About this task: With the entries below as the source, tally the lines that contain the string "metal" and give the number only.

Segment Start: Records supplied

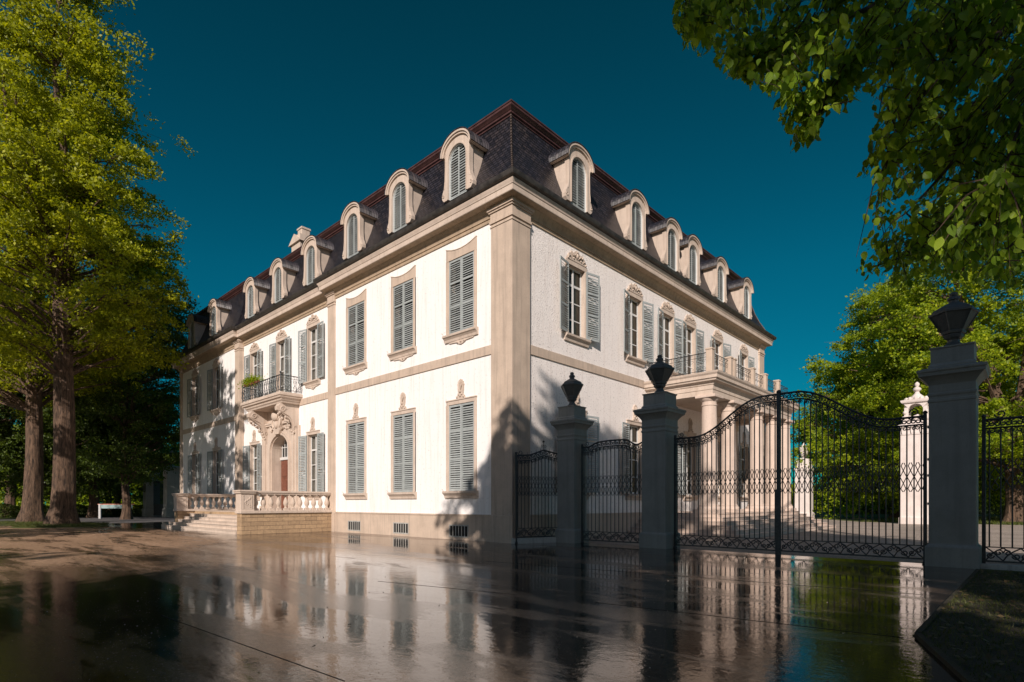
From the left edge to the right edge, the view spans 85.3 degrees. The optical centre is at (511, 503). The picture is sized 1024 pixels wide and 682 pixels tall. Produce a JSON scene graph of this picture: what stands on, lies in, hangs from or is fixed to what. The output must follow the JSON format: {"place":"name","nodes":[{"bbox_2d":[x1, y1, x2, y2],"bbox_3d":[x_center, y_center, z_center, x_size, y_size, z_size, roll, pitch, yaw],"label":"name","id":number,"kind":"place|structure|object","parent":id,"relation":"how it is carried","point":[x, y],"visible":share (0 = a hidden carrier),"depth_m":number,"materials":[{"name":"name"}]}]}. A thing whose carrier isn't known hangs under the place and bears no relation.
{"place":"outdoors","nodes":[
{"label":"outdoors","id":0,"kind":"place"},
{"bbox_2d":[0,520,42,523],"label":"mound grass","id":1,"kind":"structure","parent":0,"point":[9,522],"depth_m":40.12,"materials":[{"name":"green plant"}]},
{"bbox_2d":[10,521,108,527],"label":"mound grass","id":2,"kind":"structure","parent":0,"point":[88,523],"depth_m":35.78,"materials":[{"name":"green plant"}]},
{"bbox_2d":[0,516,174,525],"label":"park lawn","id":3,"kind":"structure","parent":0,"point":[138,519],"depth_m":52.98,"materials":[{"name":"green plant"}]},
{"bbox_2d":[0,319,164,502],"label":"lime tree","id":4,"kind":"object","parent":3,"relation":"on","point":[81,426],"visible":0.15,"depth_m":55.41,"materials":[{"name":"green plant"}]},
{"bbox_2d":[0,39,176,522],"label":"maple tree","id":5,"kind":"object","parent":3,"relation":"on","point":[32,404],"visible":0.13,"depth_m":41.28,"materials":[{"name":"green plant"}]},
{"bbox_2d":[0,265,179,517],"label":"lime tree","id":6,"kind":"object","parent":3,"relation":"on","point":[92,511],"visible":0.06,"depth_m":59.00,"materials":[{"name":"green plant"}]},
{"bbox_2d":[98,504,134,518],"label":"stone bench","id":7,"kind":"object","parent":3,"relation":"on","point":[100,506],"visible":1,"depth_m":56.07,"materials":[{"name":"white stone"}]},
{"bbox_2d":[45,251,201,519],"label":"lime tree","id":8,"kind":"object","parent":3,"relation":"on","point":[130,426],"visible":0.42,"depth_m":51.03,"materials":[{"name":"green plant"}]},
{"bbox_2d":[77,348,181,514],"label":"lime tree","id":9,"kind":"object","parent":3,"relation":"on","point":[117,493],"visible":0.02,"depth_m":65.25,"materials":[{"name":"green plant"}]},
{"bbox_2d":[142,471,160,516],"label":"park gate pillar","id":10,"kind":"structure","parent":3,"relation":"on","point":[148,500],"depth_m":65.36,"materials":[{"name":"grey stone"}]},
{"bbox_2d":[153,481,162,515],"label":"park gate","id":11,"kind":"structure","parent":10,"relation":"attached to","point":[158,506],"depth_m":64.66,"materials":[{"name":"black metal"}]},
{"bbox_2d":[162,450,179,516],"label":"park gate pillar","id":12,"kind":"structure","parent":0,"point":[171,483],"depth_m":61.91,"materials":[{"name":"grey stone"}]},
{"bbox_2d":[0,521,975,681],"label":"forecourt","id":13,"kind":"structure","parent":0,"point":[53,569],"depth_m":7.81,"materials":[{"name":"grey stone"}]},
{"bbox_2d":[0,0,198,524],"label":"maple tree","id":14,"kind":"object","parent":13,"relation":"on","point":[63,209],"visible":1,"depth_m":35.84,"materials":[{"name":"green plant"}]},
{"bbox_2d":[21,556,915,681],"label":"grit","id":15,"kind":"object","parent":13,"relation":"on","point":[472,619],"visible":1,"depth_m":7.32,"materials":[{"name":"grey gravel"}]},
{"bbox_2d":[511,537,555,543],"bbox_3d":[0.954,1.410,21.288,2.099,0.220,0.160,0,0,-26],"label":"fence footing","id":16,"kind":"object","parent":13,"relation":"on","point":[537,540],"visible":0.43,"depth_m":21.17,"materials":[{"name":"grey stone"}]},
{"bbox_2d":[515,440,556,543],"bbox_3d":[0.991,-0.467,21.280,2.041,3.934,0.140,0,0,-28],"label":"iron fence","id":17,"kind":"object","parent":16,"relation":"on","point":[521,483],"visible":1,"depth_m":21.15,"materials":[{"name":"black metal"}]},
{"bbox_2d":[161,561,935,680],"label":"road joints","id":18,"kind":"object","parent":13,"relation":"on","point":[596,602],"visible":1,"depth_m":7.32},
{"bbox_2d":[550,372,593,542],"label":"gate pillar","id":19,"kind":"structure","parent":13,"relation":"on","point":[571,424],"depth_m":21.31,"materials":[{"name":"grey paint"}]},
{"bbox_2d":[581,439,641,542],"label":"gate","id":20,"kind":"structure","parent":19,"relation":"attached to","point":[583,479],"depth_m":20.47,"materials":[{"name":"black metal"}]},
{"bbox_2d":[775,390,780,554],"bbox_3d":[7.834,-0.925,16.340,0.150,4.850,0.157,0,0,43],"label":"meeting post","id":21,"kind":"object","parent":13,"relation":"on","point":[778,488],"visible":1,"depth_m":16.30,"materials":[{"name":"black metal"}]},
{"bbox_2d":[916,292,990,568],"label":"gate pillar","id":22,"kind":"structure","parent":13,"relation":"on","point":[954,375],"depth_m":13.13,"materials":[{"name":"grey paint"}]},
{"bbox_2d":[780,391,928,563],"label":"double gate","id":23,"kind":"structure","parent":22,"relation":"attached to","point":[925,475],"depth_m":14.87,"materials":[{"name":"black metal"}]},
{"bbox_2d":[0,510,1023,642],"bbox_3d":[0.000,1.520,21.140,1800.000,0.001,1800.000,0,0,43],"label":"ground","id":24,"kind":"structure","parent":0,"point":[856,519],"depth_m":61.12,"materials":[{"name":"green plant"}]},
{"bbox_2d":[0,300,80,491],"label":"lime tree","id":25,"kind":"object","parent":24,"relation":"on","point":[16,455],"visible":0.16,"depth_m":52.81,"materials":[{"name":"green plant"}]},
{"bbox_2d":[0,278,80,515],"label":"lime tree","id":26,"kind":"object","parent":24,"relation":"on","point":[8,498],"visible":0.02,"depth_m":61.60,"materials":[{"name":"green plant"}]},
{"bbox_2d":[0,422,83,509],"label":"lime tree","id":27,"kind":"object","parent":24,"relation":"on","point":[19,490],"visible":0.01,"depth_m":93.06,"materials":[{"name":"green plant"}]},
{"bbox_2d":[0,503,142,517],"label":"hedge","id":28,"kind":"object","parent":24,"relation":"on","point":[5,509],"visible":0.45,"depth_m":62.86,"materials":[{"name":"green plant"}]},
{"bbox_2d":[0,491,142,508],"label":"woods","id":29,"kind":"object","parent":24,"relation":"on","point":[18,502],"visible":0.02,"depth_m":151.86,"materials":[{"name":"green plant"}]},
{"bbox_2d":[45,479,140,509],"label":"lime tree","id":30,"kind":"object","parent":24,"relation":"on","point":[83,496],"visible":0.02,"depth_m":94.86,"materials":[{"name":"green plant"}]},
{"bbox_2d":[87,426,179,504],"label":"lime tree","id":31,"kind":"object","parent":24,"relation":"on","point":[141,502],"visible":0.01,"depth_m":84.83,"materials":[{"name":"green plant"}]},
{"bbox_2d":[161,99,835,542],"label":"mansion","id":32,"kind":"structure","parent":24,"relation":"on","point":[417,343],"depth_m":26.71,"materials":[{"name":"white paint"}]},
{"bbox_2d":[187,369,198,421],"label":"window","id":33,"kind":"structure","parent":32,"relation":"in","point":[195,373],"depth_m":45.55,"materials":[{"name":"wood"}]},
{"bbox_2d":[188,442,199,500],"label":"window","id":34,"kind":"structure","parent":32,"relation":"in","point":[190,469],"depth_m":45.56,"materials":[{"name":"stone"}]},
{"bbox_2d":[207,358,220,415],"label":"window","id":35,"kind":"structure","parent":32,"relation":"in","point":[216,363],"depth_m":42.35,"materials":[{"name":"wood"}]},
{"bbox_2d":[207,437,221,500],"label":"window","id":36,"kind":"structure","parent":32,"relation":"in","point":[216,447],"depth_m":42.35,"materials":[{"name":"stone"}]},
{"bbox_2d":[236,373,264,388],"bbox_3d":[-16.415,-7.750,34.980,3.936,0.845,1.042,0,0,43],"label":"flower box","id":37,"kind":"object","parent":32,"relation":"on","point":[250,381],"visible":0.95,"depth_m":34.81,"materials":[{"name":"green wood"}]},
{"bbox_2d":[243,430,260,499],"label":"window","id":38,"kind":"structure","parent":32,"relation":"in","point":[257,445],"depth_m":38.25,"materials":[{"name":"stone"}]},
{"bbox_2d":[244,342,260,400],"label":"window","id":39,"kind":"structure","parent":32,"relation":"in","point":[254,348],"depth_m":38.07,"materials":[{"name":"wood"}]},
{"bbox_2d":[269,330,289,393],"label":"window","id":40,"kind":"structure","parent":32,"relation":"in","point":[281,335],"depth_m":35.41,"materials":[{"name":"wood"}]},
{"bbox_2d":[298,417,323,499],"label":"window","id":41,"kind":"structure","parent":32,"relation":"in","point":[316,450],"depth_m":32.65,"materials":[{"name":"stone"}]},
{"bbox_2d":[298,314,323,388],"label":"window","id":42,"kind":"structure","parent":32,"relation":"in","point":[313,321],"depth_m":32.56,"materials":[{"name":"wood"}]},
{"bbox_2d":[348,521,360,530],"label":"basement window","id":43,"kind":"structure","parent":32,"relation":"in","point":[352,525],"depth_m":28.68,"materials":[{"name":"grey metal"}]},
{"bbox_2d":[343,403,367,498],"bbox_3d":[-8.070,-2.701,28.542,2.089,4.941,0.282,0,0,43],"label":"window","id":44,"kind":"structure","parent":32,"relation":"in","point":[356,494],"depth_m":28.57,"materials":[{"name":"wood"}]},
{"bbox_2d":[343,288,367,374],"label":"window","id":45,"kind":"structure","parent":32,"relation":"in","point":[354,368],"depth_m":28.59,"materials":[{"name":"grey wood"}]},
{"bbox_2d":[393,522,408,533],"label":"basement window","id":46,"kind":"structure","parent":32,"relation":"in","point":[399,528],"depth_m":25.92,"materials":[{"name":"metal"}]},
{"bbox_2d":[386,392,416,498],"bbox_3d":[-5.112,-2.701,25.775,2.089,4.941,0.282,0,0,43],"label":"window","id":47,"kind":"structure","parent":32,"relation":"in","point":[408,491],"depth_m":25.80,"materials":[{"name":"wood"}]},
{"bbox_2d":[386,265,416,360],"bbox_3d":[-5.112,-8.710,25.775,2.089,4.180,0.282,0,0,43],"label":"window","id":48,"kind":"structure","parent":32,"relation":"in","point":[403,353],"depth_m":25.82,"materials":[{"name":"grey wood"}]},
{"bbox_2d":[449,524,467,537],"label":"basement window","id":49,"kind":"structure","parent":32,"relation":"in","point":[461,531],"depth_m":23.15,"materials":[{"name":"grey metal"}]},
{"bbox_2d":[442,379,478,497],"bbox_3d":[-2.163,-2.701,23.015,2.089,4.941,0.282,0,0,43],"label":"window","id":50,"kind":"structure","parent":32,"relation":"in","point":[460,400],"depth_m":23.03,"materials":[{"name":"wood"}]},
{"bbox_2d":[442,236,478,343],"bbox_3d":[-2.163,-8.710,23.015,2.089,4.180,0.282,0,0,43],"label":"window","id":51,"kind":"structure","parent":32,"relation":"in","point":[452,256],"depth_m":23.04,"materials":[{"name":"grey wood"}]},
{"bbox_2d":[560,250,599,347],"bbox_3d":[2.752,-8.924,24.114,0.625,4.008,2.872,0,0,43],"label":"window","id":52,"kind":"structure","parent":32,"relation":"in","point":[574,259],"depth_m":24.49,"materials":[{"name":"wood"}]},
{"bbox_2d":[575,395,598,499],"bbox_3d":[3.042,-2.546,24.223,0.270,4.731,2.327,0,0,43],"label":"window","id":53,"kind":"structure","parent":32,"relation":"in","point":[596,433],"depth_m":24.76,"materials":[{"name":"wood"}]},
{"bbox_2d":[622,405,641,499],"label":"window","id":54,"kind":"structure","parent":32,"relation":"in","point":[631,432],"depth_m":27.69,"materials":[{"name":"stone"}]},
{"bbox_2d":[624,283,653,366],"bbox_3d":[6.076,-8.924,27.648,0.650,4.008,2.865,0,0,43],"label":"window","id":55,"kind":"structure","parent":32,"relation":"in","point":[631,309],"depth_m":28.04,"materials":[{"name":"wood"}]},
{"bbox_2d":[658,302,683,376],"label":"window","id":56,"kind":"structure","parent":32,"relation":"in","point":[664,325],"depth_m":30.54,"materials":[{"name":"wood"}]},
{"bbox_2d":[678,433,681,494],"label":"window","id":57,"kind":"structure","parent":32,"relation":"in","point":[679,471],"depth_m":30.81,"materials":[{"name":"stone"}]},
{"bbox_2d":[682,418,700,500],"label":"window","id":58,"kind":"structure","parent":32,"relation":"in","point":[690,432],"depth_m":32.22,"materials":[{"name":"stone"}]},
{"bbox_2d":[682,314,703,374],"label":"window","id":59,"kind":"structure","parent":32,"relation":"in","point":[689,320],"depth_m":32.50,"materials":[{"name":"wood"}]},
{"bbox_2d":[717,426,719,500],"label":"window","id":60,"kind":"structure","parent":32,"relation":"in","point":[718,437],"depth_m":35.46,"materials":[{"name":"stone"}]},
{"bbox_2d":[711,329,730,370],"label":"window","id":61,"kind":"structure","parent":32,"relation":"in","point":[717,336],"depth_m":35.33,"materials":[{"name":"stone"}]},
{"bbox_2d":[740,432,748,500],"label":"window","id":62,"kind":"structure","parent":32,"relation":"in","point":[741,444],"depth_m":38.36,"materials":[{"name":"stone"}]},
{"bbox_2d":[739,344,754,381],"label":"window","id":63,"kind":"structure","parent":32,"relation":"in","point":[743,349],"depth_m":38.37,"materials":[{"name":"wood"}]},
{"bbox_2d":[791,492,829,510],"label":"hedge","id":64,"kind":"object","parent":24,"relation":"on","point":[819,508],"visible":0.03,"depth_m":115.90,"materials":[{"name":"green plant"}]},
{"bbox_2d":[790,395,889,506],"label":"chestnut tree","id":65,"kind":"object","parent":24,"relation":"on","point":[831,428],"visible":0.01,"depth_m":94.27,"materials":[{"name":"green plant"}]},
{"bbox_2d":[791,482,1004,507],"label":"woods","id":66,"kind":"object","parent":24,"relation":"on","point":[815,496],"visible":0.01,"depth_m":151.62,"materials":[{"name":"green plant"}]},
{"bbox_2d":[790,273,1016,518],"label":"chestnut tree","id":67,"kind":"object","parent":24,"relation":"on","point":[844,391],"visible":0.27,"depth_m":55.28,"materials":[{"name":"green plant"}]},
{"bbox_2d":[826,484,1004,513],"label":"hedge","id":68,"kind":"object","parent":24,"relation":"on","point":[993,510],"visible":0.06,"depth_m":81.90,"materials":[{"name":"green plant"}]},
{"bbox_2d":[850,192,1023,522],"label":"chestnut tree","id":69,"kind":"object","parent":24,"relation":"on","point":[989,344],"visible":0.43,"depth_m":43.99,"materials":[{"name":"green plant"}]},
{"bbox_2d":[860,516,1022,524],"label":"meadow grass","id":70,"kind":"structure","parent":24,"relation":"on","point":[994,521],"depth_m":45.54,"materials":[{"name":"green plant"}]},
{"bbox_2d":[860,327,1022,516],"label":"chestnut tree","id":71,"kind":"object","parent":24,"relation":"on","point":[994,498],"visible":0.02,"depth_m":65.14,"materials":[{"name":"green plant"}]},
{"bbox_2d":[914,569,979,681],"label":"kerb","id":72,"kind":"structure","parent":24,"relation":"on","point":[959,672],"depth_m":5.75,"materials":[{"name":"stone"}]},
{"bbox_2d":[980,563,1023,570],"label":"fence footing","id":73,"kind":"object","parent":24,"relation":"on","point":[1002,567],"visible":1,"depth_m":12.74,"materials":[{"name":"grey stone"}]},
{"bbox_2d":[981,411,1023,563],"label":"iron fence","id":74,"kind":"object","parent":73,"relation":"on","point":[984,463],"visible":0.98,"depth_m":12.83,"materials":[{"name":"black metal"}]},
{"bbox_2d":[981,274,1023,442],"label":"chestnut tree","id":75,"kind":"object","parent":24,"relation":"on","point":[1014,300],"visible":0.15,"depth_m":60.83,"materials":[{"name":"green plant"}]},
{"bbox_2d":[0,0,1023,502],"label":"sky","id":76,"kind":"structure","parent":0,"point":[292,113],"materials":[{"name":"blue"}]},
{"bbox_2d":[586,519,1023,564],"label":"gravel court","id":77,"kind":"object","parent":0,"point":[1006,536],"visible":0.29,"depth_m":22.11,"materials":[{"name":"beige gravel"}]},
{"bbox_2d":[633,354,685,548],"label":"gate pillar","id":78,"kind":"structure","parent":77,"relation":"on","point":[659,413],"depth_m":18.76,"materials":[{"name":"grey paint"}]},
{"bbox_2d":[673,394,775,550],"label":"double gate","id":79,"kind":"structure","parent":78,"relation":"attached to","point":[676,473],"depth_m":17.48,"materials":[{"name":"black metal"}]},
{"bbox_2d":[794,443,814,518],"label":"lantern post","id":80,"kind":"object","parent":77,"relation":"on","point":[807,498],"visible":0.59,"depth_m":55.53,"materials":[{"name":"white stone"}]},
{"bbox_2d":[898,382,928,523],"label":"garden pylon","id":81,"kind":"object","parent":77,"relation":"on","point":[917,398],"visible":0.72,"depth_m":40.98,"materials":[{"name":"white stone"}]},
{"bbox_2d":[921,569,1023,681],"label":"lawn","id":82,"kind":"structure","parent":0,"point":[991,671],"depth_m":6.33,"materials":[{"name":"plant"}]},
{"bbox_2d":[672,0,1023,294],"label":"beech tree","id":83,"kind":"object","parent":82,"relation":"on","point":[967,37],"visible":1,"depth_m":4.80,"materials":[{"name":"green plant"}]}
]}

Segment End: Records supplied

Reply: 10